If this aspect sits in your natal chart, you already know one thing about yourself that is hard to put across to other people: there is pressure inside, all the time. Not anger, not irritation, not anxiety, but pressure — like a closed boiler with the temperature forever climbing. When you are busy with something, that pressure converts into work, and you get through in a day what stretches into a week for everyone else. When there is nothing to do, the pressure goes looking for a way out and finds it in irritability, in rows over nothing, in fast driving, in training yourself into the ground, or in the next crisis you quietly arranged for yourself just to have somewhere to pour the charge.
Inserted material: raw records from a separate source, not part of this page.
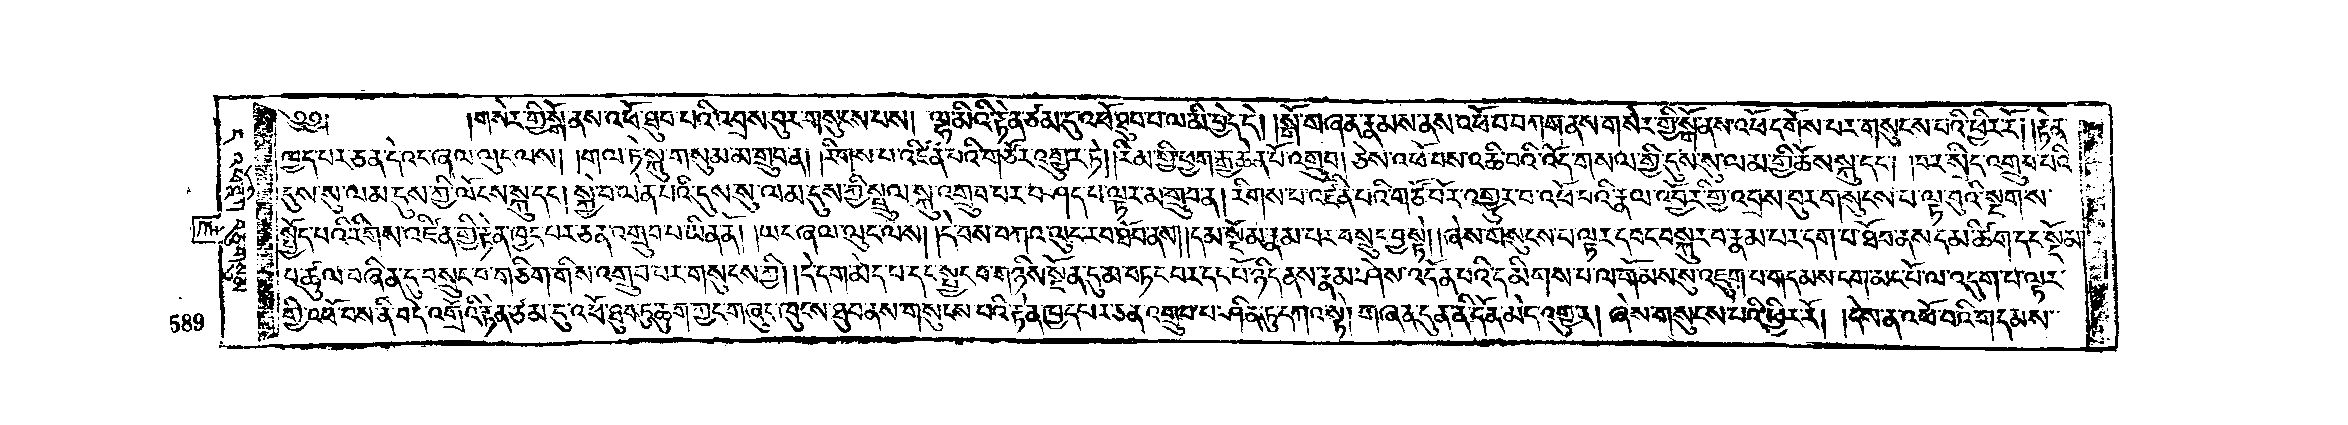༄༅། །གསེར་གྱི་སྒོ་ནས་འཕོ་ཐུབ་པའི་འབྲས་བུར་གསུངས་པས། ལྷ་མིའི་རྟེན་ཙམ་དུ་འཕོ་ཐུབ་པ་ལ་མི་བྱེད་དེ། །སྒོ་གཞན་རྣམས་ནས་འཕོ་བ་བཀག་ནས་གསེར་གྱི་སྒོ་ནས་འཕོ་དགོས་པར་གསུངས་པའི་ཕྱིར་རོ། །རྟེན་
ཁྱད་པར་ཅན་དེའང་ཞལ་ལུང་ལས། །གལ་ཏེ་སྐུ་གསུམ་མ་གྲུབ་ན། །རིགས་པ་འཛིན་པའི་གཙོར་འགྱུར་ཏེ། །རིམ་གྱི་ཕྱག་རྒྱ་ཆེན་པོ་འགྲུབ། ཅེས་འཕོ་བས་འཆི་བའི་འོད་གསལ་གྱི་དུས་སུ་ལམ་གྱི་ཆོས་སྐུ་དང་། །བར་སྲིད་འགྲུབ་པའི་
དུས་སུ་ལམ་དུས་ཀྱི་ལོངས་སྐུ་དང་། སྐྱེ་བ་ལེན་པའི་དུས་སུ་ལམ་དུས་ཀྱི་སྤྲུལ་སྐུ་འགྲུབ་པར་བཤད་པ་ལྟར་མ་གྲུབ་ན། རིགས་པ་འཛིན་པའི་གཙོ་བོར་འགྱུར་བ་འཕོ་བའི་རྣལ་འབྱོར་གྱི་འབྲས་བུར་གསུངས་པ་ལྟ་བུའི་སྔགས་
སྤྱོད་པའི་རིགས་འཛིན་གྱི་རྟེན་ཁྱད་པར་ཅན་འགྲུབ་པ་ཡིན་ནོ། །ཡང་ཞལ་ལུང་ལས། །དེ་བས་བཀའ་ལུང་རབ་ཐོབ་ནས། །དམ་སྡོམ་རྣམ་པར་བསྲུང་བྱ་སྟེ། །ཞེས་གསུངས་པ་ལྟར་དབང་བསྐུར་བ་རྣམ་པར་དག་པ་ཐོབ་ནས་དམ་ཚིག་དང་སྡོམ་
པ་ཚུལ་བཞིན་དུ་བསྲུང་བ་གཅིག་གིས་འགྲུབ་པར་གསུངས་ཀྱི། །དེ་དག་མེད་པ་དང་སྤྱང་བ་གཉིས་སྔོན་དུ་མ་བཏང་བར་དང་པོ་ཉིད་ནས་རྣམ་ཤེས་འདོན་པའི་དམིགས་པ་ལ་གོམས་སུ་འཇུག་པ་གདམས་ངག་མང་པོ་ལ་འདུག་པ་ལྟར་
གྱི་འཕོ་བས་ནི་བདེ་འགྲོའི་རྟེན་ཙམ་དུ་འཕོ་ཐུབ་ཏུ་ཆུག་ཀྱང་གཞུང་ཁུངས་ཐུབ་ནས་གསུངས་པའི་རྟེན་ཁྱད་པར་ཅན་འགྲུབ་པ་ཤིན་ཏུ་དཀའ་སྟེ། གཞན་དུ་ན་ནི་དོན་མེད་འགྱུར། ཞེས་གསུངས་པའི་ཕྱིར་རོ། །དེས་ན་འཕོ་བའི་གདམས་
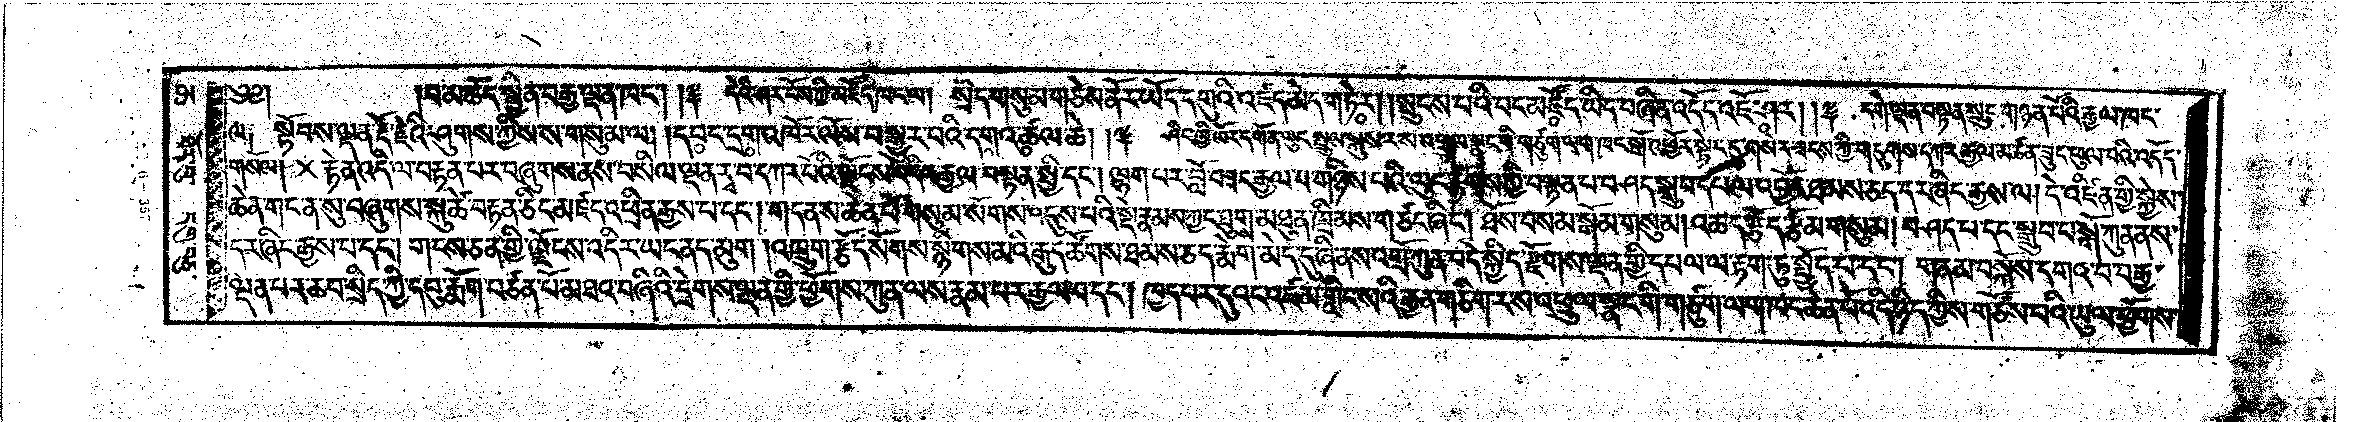༄༅། །བ་མཆོད་སྦྱིན་བརྒྱ་ལྡན་ཁང་། །༈ དེའི་ཤར་ངོས་ཀྱི་མཛོད་ཁང་ལ།  སྲིད་གསུམ་གཅེས་ནོར་ཡོད་དགུའི་འཛད་མེད་གཏེར྾། །སྤུངས་པའི་བང་མཛོད྾་ཡིད་བཞིན་འདོད་འཇོ་ཤར྾། །༈ དགེ་ལྡན་བསྟན་སྲུང་གཉན་པོའི་རྒྱལ་ཁང་
ལ༑ སྟོབས་ལྡན་རྡོ་རྗེའི་ཤུགས་ཀྱིས་ས་གསུམ་ལ། །དབང྾་དྲག྾་འཁོར་ལོས་བསྒྱུར་པའི་དགའ྾་ཚལ྾་ཆེ། །༈ ཤིང་ཁྱི་ལོར་དགོན་ལུང་སྤྲུལ་སྐུས་རས་འཕྲུལ་སྣང་གི་གཙུག་ལག་ཁང་སྒོ་འཕྱོར་སྟེང་དུ་གསེར་ཟངས་ཀྱི་གདུགས་དཀའ་རྒྱལ་མཚན་ཟུང་ཕུལ་བའི་འདོད་
གསོས། ྾་རྟེན་འདི་ལ་བརྟན་པར་བཞུགས་ནས་བསིལ་ལྡན་རྭ་བ་དཀར་པོའི་ལྗོངས་དེ་དིར་རྒྱལ་བསྟན་སྤྱི་དང་། ལྷག་པར་བློ་བཟང་རྒྱལ་པ་གཉིས་པའི་ལུང་རྟོགས་ཀྱི་བསྟན་པ་བཤད་སྒྲུབ་དཔལ་འབྱོར་ཐམས་ཅད་དར་ཞིང་རྒྱས་ལ། དེ་འཛིན་གྱི་སྐྱེས་
ཆེན་གང་ན་སུ་བཞུགས་སྐུ་ཚེ་བརྟན་ཅིང་མཛད་འཕྲིན་རྒྱས་པ་དང་། གདན་ས་ཆེན་པོ་གསུམ་སོགས་འདུས་པའི་སྡེ་རྣམས་ཀྱང་ཐུགས་མཐུན་ཁྲིམས་གཙང་ཞིང་། ཐོས་བསམ་སྒོམ་གསུམ། འཆད་རྩོད་རྩོམ་གསུམ། བཤད་པ་དང་སྒྲུབ་པ་སྒོ་ཀུན་ནས་
དར་ཞིང་རྒྱས་པ་དང་། གངས་ཅན་གྱི་ལྗོངས་འདིར་ཡང་ནད་མུག །འཁྲུག་རྩོད་སོགས་སྙིགས་མའི་རྒུད་ཚོགས་ཐམས་ཅད་རྨེག་མེད་དུ་ཞི་ནས་འགྲོ་ཀུན་བདེ་སྐྱིད་རྫོགས་ལྡན་གྱི་དཔལ་ལ་རྟག་ཏུ་སྤྱོད་པ་དང་། གནམ་བསྐོས་དགའ་བ་བརྒྱ་
ལྡན་པར་ཆབ་སྲིད་ཀྱི་དབུ་རྨོག་བཙན་པོ་མཐའ་བཞིའི་དྲེགས་ལྡན་གྱི་ཕྱོགས་ཀུན་ལས་རྣམ་པར་རྒྱལ་བ་དང་། ཁྱད་པར་དུའང་འཛམ་གླིང་སའི་རྒྱན་གཅིག་ར་ས་འཕྲུལ་སྣང་གི་གཙུག་ལག་ཁང་ཆེན་པོ་འདི་ཉིད་ཀྱིས་གཙོས་པའི་ཡུལ་ཕྱོགས་
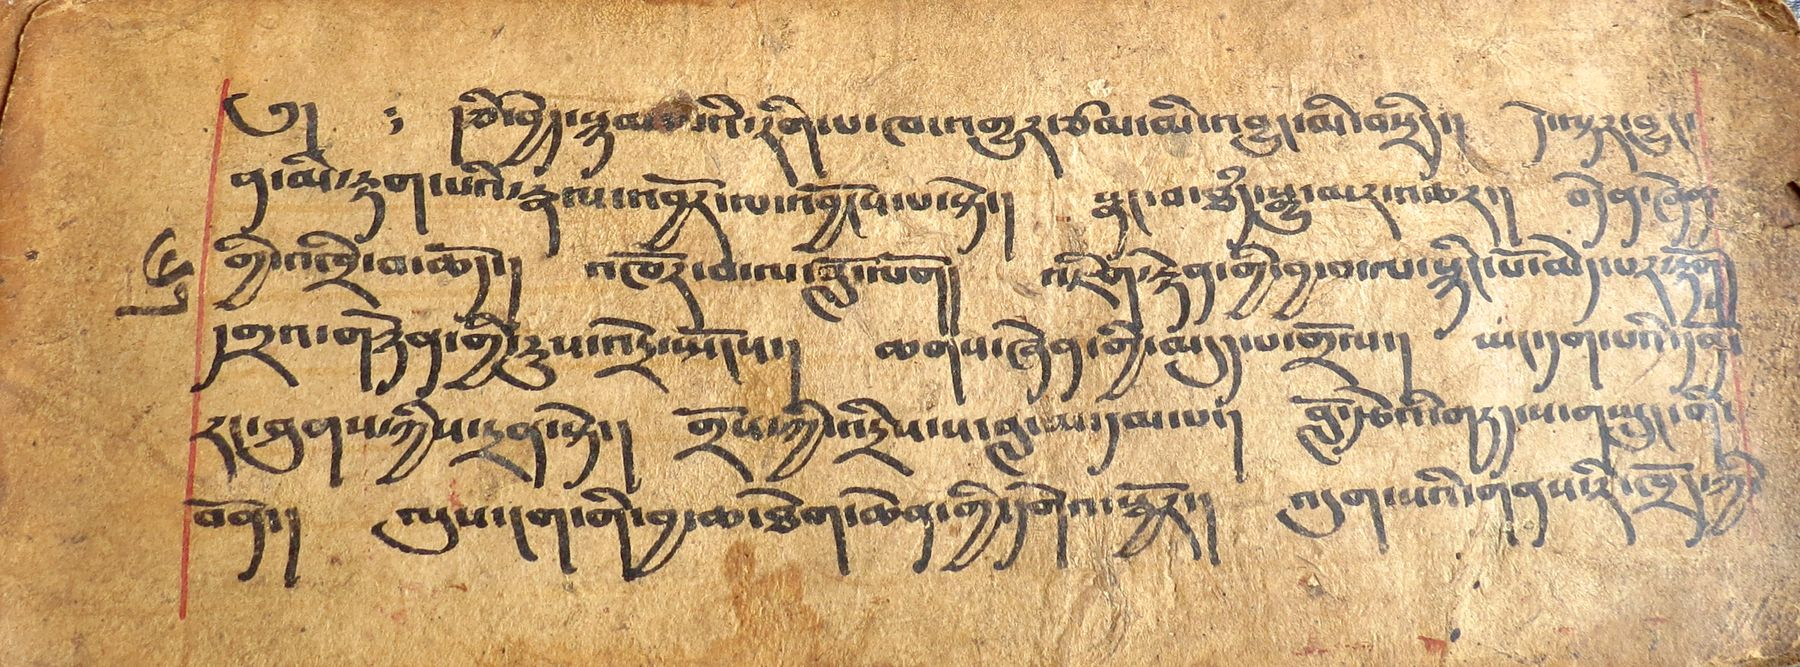ཅི་བྱེད་སྙམས་པའི་རིག་པ་ཁ་འགྱུར་ཙམ་མི་འབྱུང་མི་སྲིད་དོ། ། དེ་ལྟར་བྱུང་
ན་མི་རྟག་པའི་རྣལ་འབྱོར་ལ་འབྱོངས་པ་སྟེ། སྣང་བ་ཐམས་ཅད་སྒྱུ་མར་འཆར། བདེན་ཞེན་
གྱི་འཁྲི་བ་ཆོད། འཁོར་བ་ལ་བློ་ལྡོག འཇིག་རྟེན་གྱི་སྣང་བ་ལ་སྙིང་པོ་མེད་པར་རྟོགས། 
དགྲ་གཉེན་གྱི་རུ་འདྲེ་སྤོངས། ཆགས་ཞེན་གྱི་མདུད་པ་གྲོལ། ཡང་དག་པའི་དོན་
རང་ཤུགས་ཀྱིས་དྲན་ཏེ། གྲོས་ཀྱི་འདྲི་ས་བླ་མ་དམ་པ། བློ་རྩེ་གཏད་ས་གཡུང་དྲུང་གི་
བོན། ལུས་ངག་གི་བྱ་རྒྱུ་ཐེག་ཆེན་གྱི་དགེ་སྦྱོར། འདུག་པའི་གནས་རི་ཁྲོད་ཀྱི་

Mars conjunct Pluto does not make you an aggressive person; it makes you a person with a large capacity, and those are not the same thing. Aggression is always a reaction to a particular obstacle. A large capacity is simply a piece of equipment you carry regardless of circumstance, and it has to be handled as equipment: you need to know roughly how much charge is in it, where to point it, and what happens if you leave it with no channel at all. Most people who come to me with this combination tell a similar story. Before thirty, a run of conflicts, injuries and dramas. After thirty, a slow education in the fact that this energy has to be spent on purpose, or it will spend you.
In practical terms that means sport, but not as a hobby — as a form of hygiene. Strength work, martial arts, long walks under load, physical labour, anything that bleeds the pressure out of the system on a regular schedule. Without it, even a mild-mannered person with this conjunction starts finding themselves opponents, because with no opponent there is literally nowhere for the charge to go. The second channel is a profession with serious load behind it. Surgeons, rescuers, emergency-services people, turnaround managers, coaches — the list is long, and there is a logic running through it: every one of those callings makes intensity legitimate. They offer a culturally approved place where your power frightens nobody and is, instead, useful.
The blind spot in this combination is almost always the same. You do not notice how much your ordinary intensity presses on the people near you. What is a routine effort for you is, for most of them, already a battle. You say "calmly", but your voice sits a couple of tones lower and a notch louder than theirs. You suggest "let's talk it over", and in your head everyone has already been placed in their position. You "just gave an opinion", and two of the four people in the room can't lift their heads for a week afterwards. The most painful moment comes when you realise that the people who love you have gradually learnt to route around you — not because they distrust you, but because they have done the sum and decided the honest version will cost more than it's worth.
Working with this side does not begin with the exercise "speak more quietly". It begins with accepting that your baseline intensity is different, and that this is an objective fact, neither an insult nor a diagnosis. After that comes the slow business of reading a situation by the other person's reaction rather than by your own sense of it. If the person across from you has gone still, is answering in single words and is glancing towards the exit, that is the signal that you are already four notches above the level needed, even when you feel you have only just begun to warm up. Learning to take that feedback takes years, but it is the only way to keep the people you genuinely need close to you.
There is one more thing, and it is the quietest. You very probably have a theme you hide even from yourself: the theme of self-destruction. In the worst stretches a charge that has found no external opponent turns inward and starts attacking your own body, health, reputation, relationships. It happens without scenes, sometimes over years — one drink too many, a refusal to get checked over, reckless driving, a break with the very people who were helping. If any of that rings true, take it as a signal that there is no outer channel for the force right now, and it is time to build one. The healthy natal strategy with this conjunction is always a strategy of channels, not of suppression. If you want to understand which channels are open in your own chart, it is worth looking at the whole natal chart together, because Mars conjunct Pluto works in concert with the houses and signs it falls in. Read it, throughout, as a way to know yourself a little better — not as a fixed sentence.